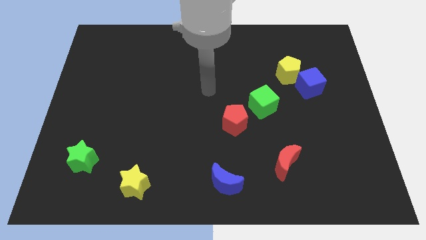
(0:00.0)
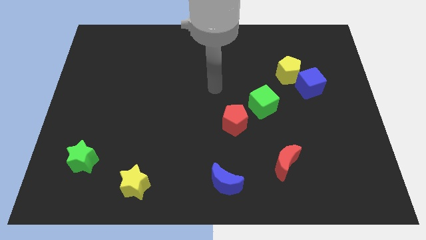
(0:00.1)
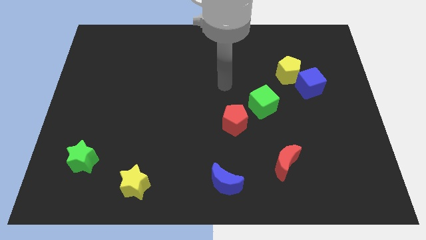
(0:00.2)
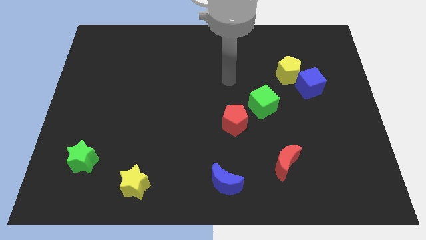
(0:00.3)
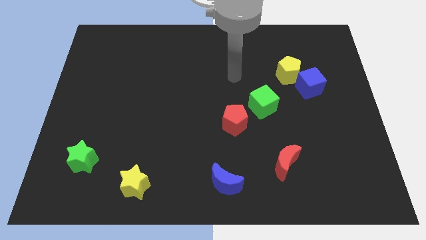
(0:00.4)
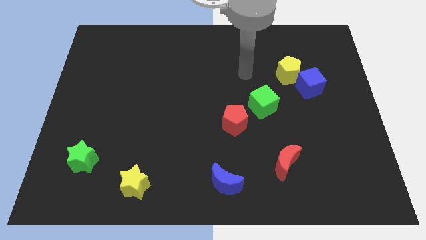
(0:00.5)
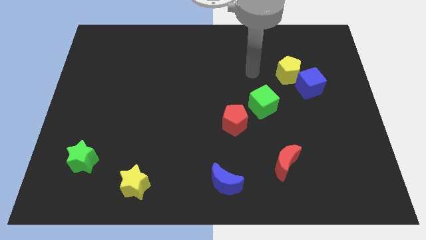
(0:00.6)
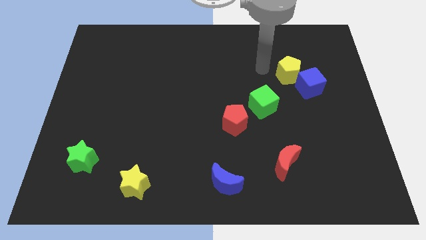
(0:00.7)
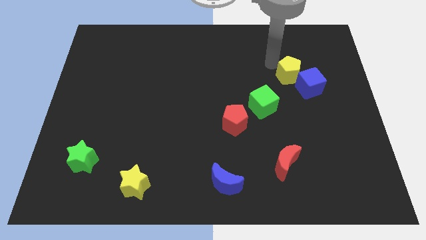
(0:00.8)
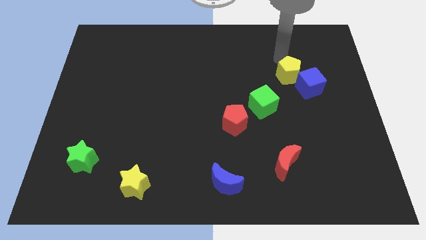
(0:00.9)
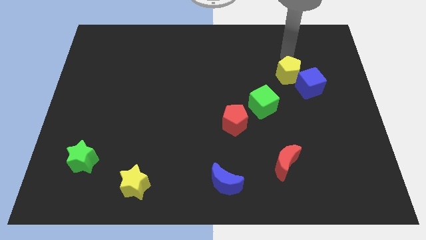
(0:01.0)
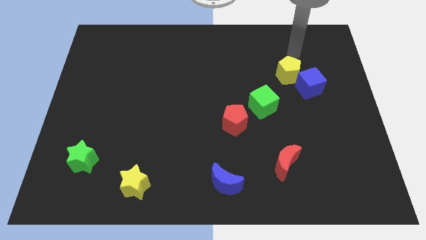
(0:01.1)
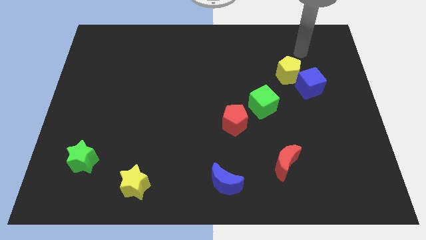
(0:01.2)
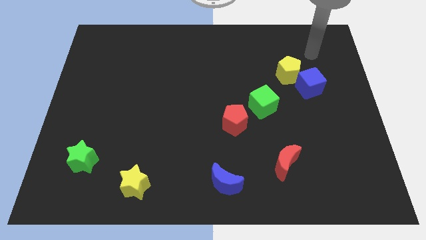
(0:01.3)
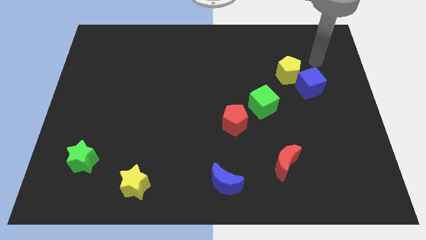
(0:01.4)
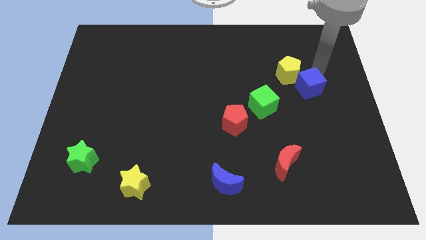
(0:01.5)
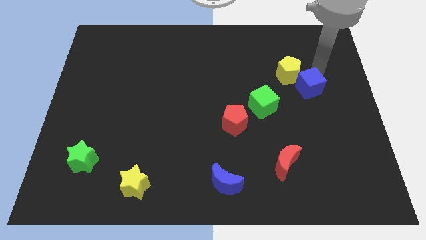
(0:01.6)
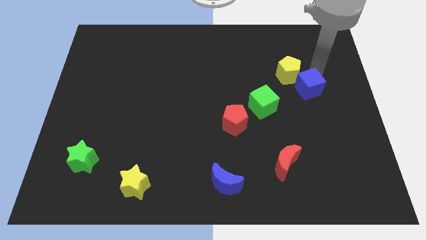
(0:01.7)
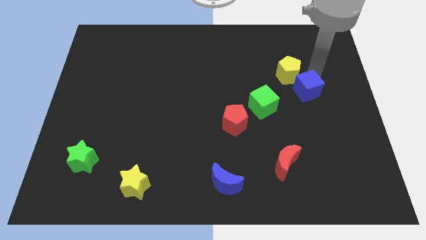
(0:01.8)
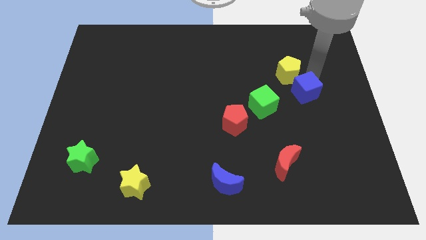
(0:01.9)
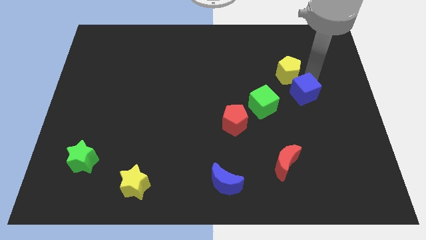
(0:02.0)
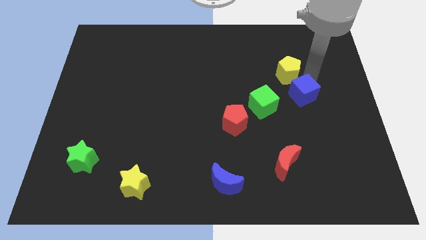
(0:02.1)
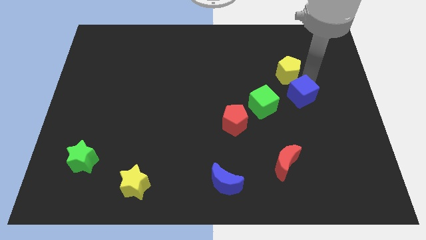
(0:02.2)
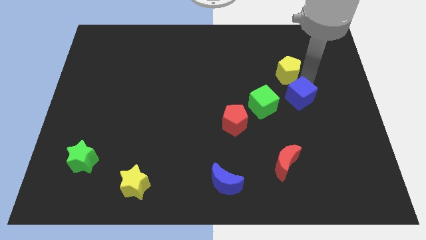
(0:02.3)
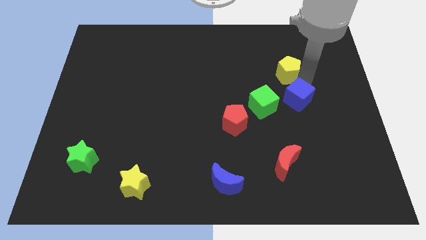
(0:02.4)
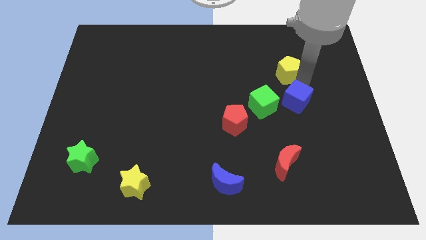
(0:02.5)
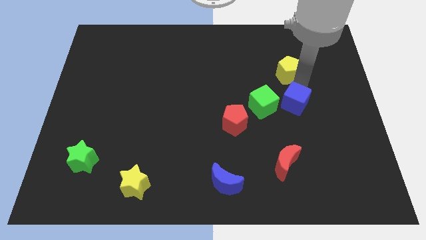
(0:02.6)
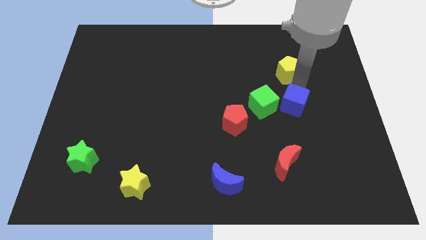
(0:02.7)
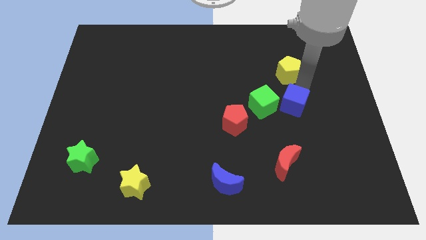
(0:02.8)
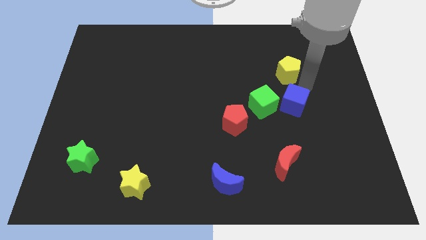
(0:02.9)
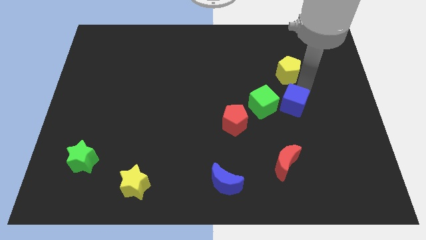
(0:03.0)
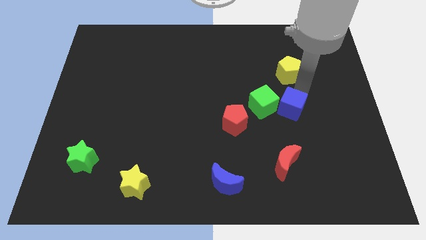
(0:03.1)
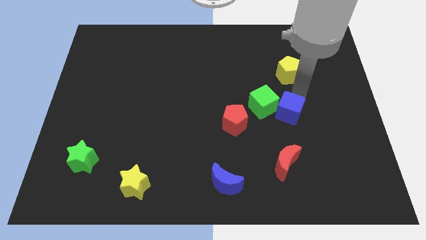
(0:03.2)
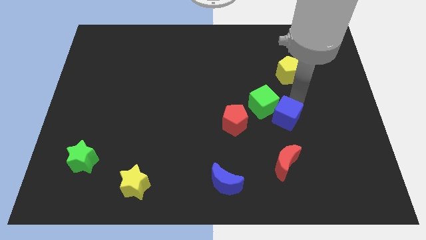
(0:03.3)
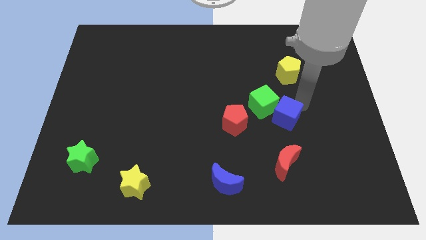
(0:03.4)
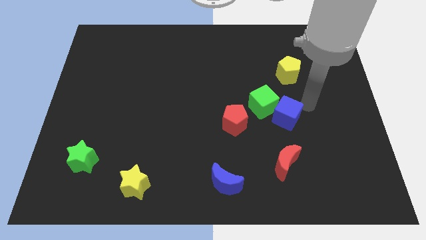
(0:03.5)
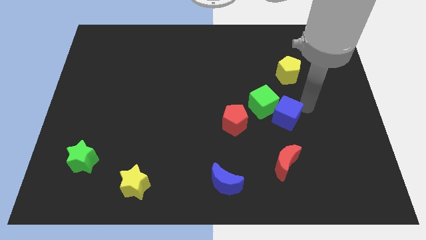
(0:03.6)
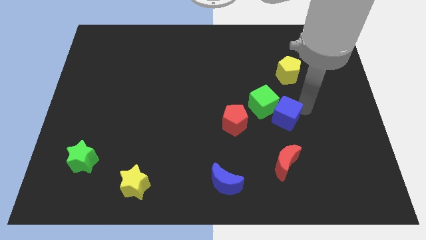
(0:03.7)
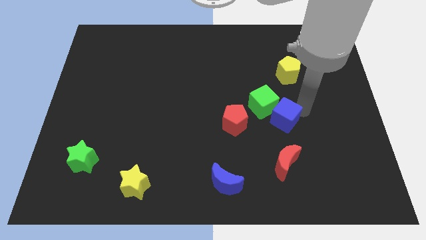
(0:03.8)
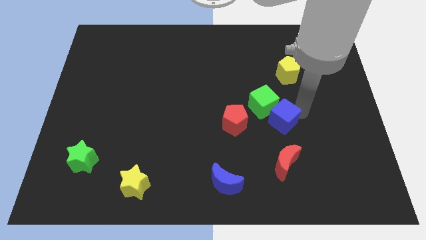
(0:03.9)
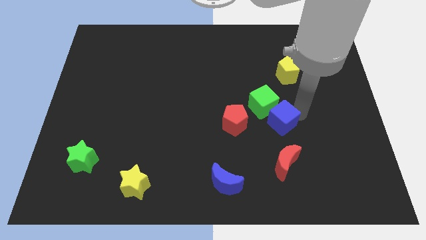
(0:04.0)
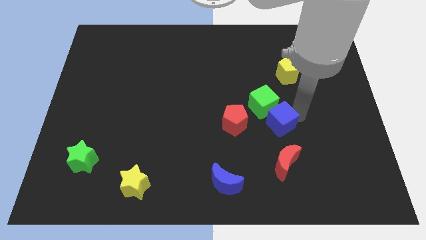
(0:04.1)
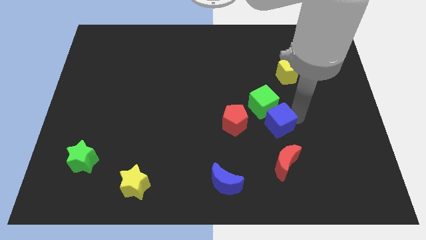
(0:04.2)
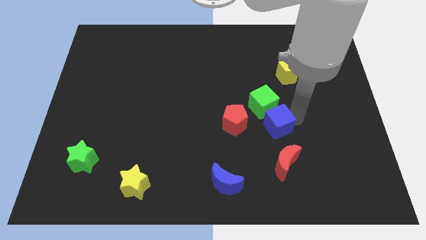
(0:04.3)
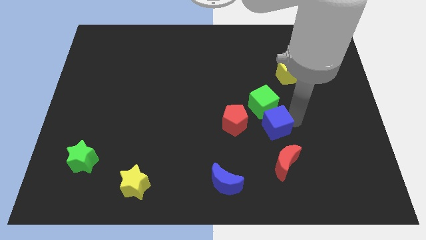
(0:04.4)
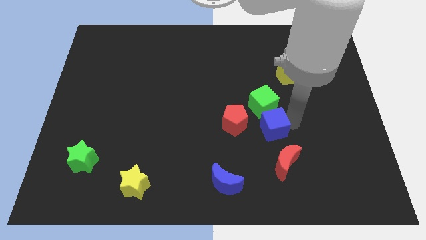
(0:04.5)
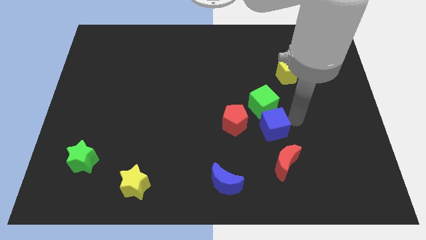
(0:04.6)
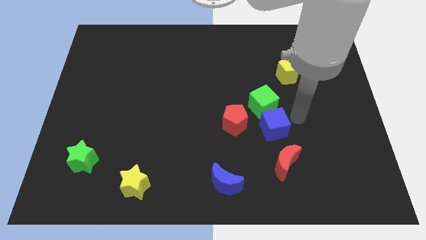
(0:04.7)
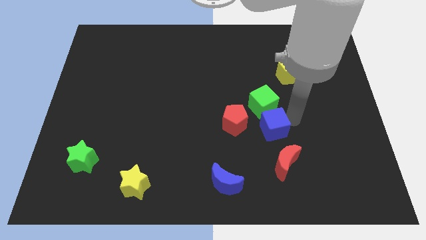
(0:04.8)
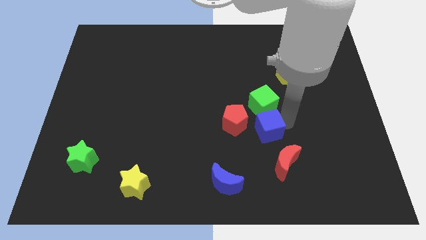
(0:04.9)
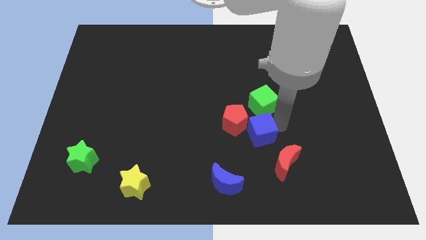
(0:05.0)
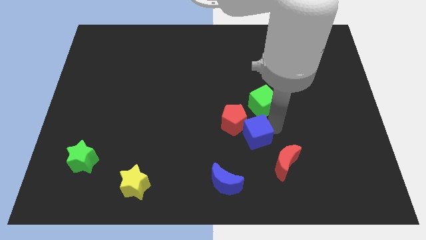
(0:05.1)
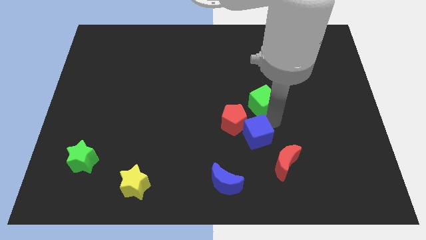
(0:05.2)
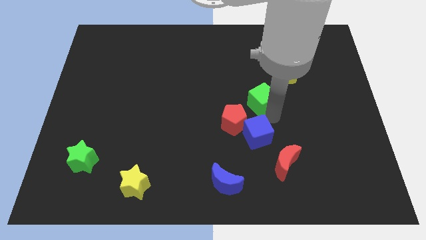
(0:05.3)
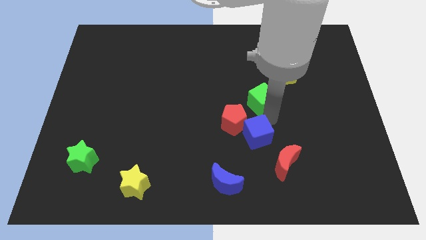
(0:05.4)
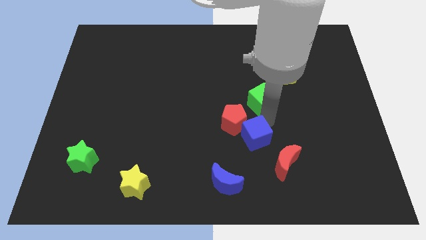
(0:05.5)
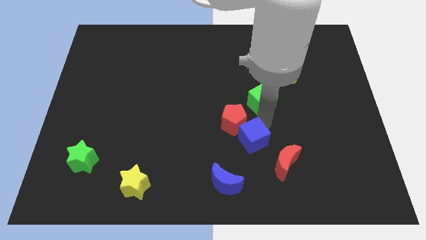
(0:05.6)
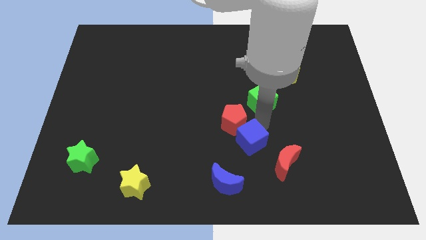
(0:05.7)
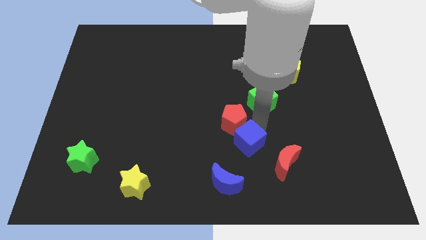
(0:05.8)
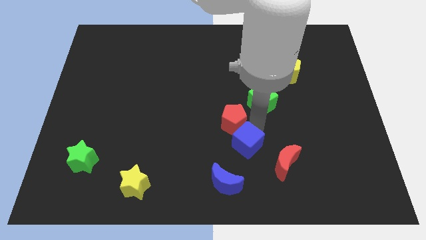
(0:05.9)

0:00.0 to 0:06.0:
put the blue cube left of the red moon
▬▬▬▬▬▬
**WHAT IS REQUIRED**
An exact copy of the records above is needed, with the pictures removed.

**TASK RESULT**
(0:00.0)
(0:00.1)
(0:00.2)
(0:00.3)
(0:00.4)
(0:00.5)
(0:00.6)
(0:00.7)
(0:00.8)
(0:00.9)
(0:01.0)
(0:01.1)
(0:01.2)
(0:01.3)
(0:01.4)
(0:01.5)
(0:01.6)
(0:01.7)
(0:01.8)
(0:01.9)
(0:02.0)
(0:02.1)
(0:02.2)
(0:02.3)
(0:02.4)
(0:02.5)
(0:02.6)
(0:02.7)
(0:02.8)
(0:02.9)
(0:03.0)
(0:03.1)
(0:03.2)
(0:03.3)
(0:03.4)
(0:03.5)
(0:03.6)
(0:03.7)
(0:03.8)
(0:03.9)
(0:04.0)
(0:04.1)
(0:04.2)
(0:04.3)
(0:04.4)
(0:04.5)
(0:04.6)
(0:04.7)
(0:04.8)
(0:04.9)
(0:05.0)
(0:05.1)
(0:05.2)
(0:05.3)
(0:05.4)
(0:05.5)
(0:05.6)
(0:05.7)
(0:05.8)
(0:05.9)

0:00.0 to 0:06.0:
put the blue cube left of the red moon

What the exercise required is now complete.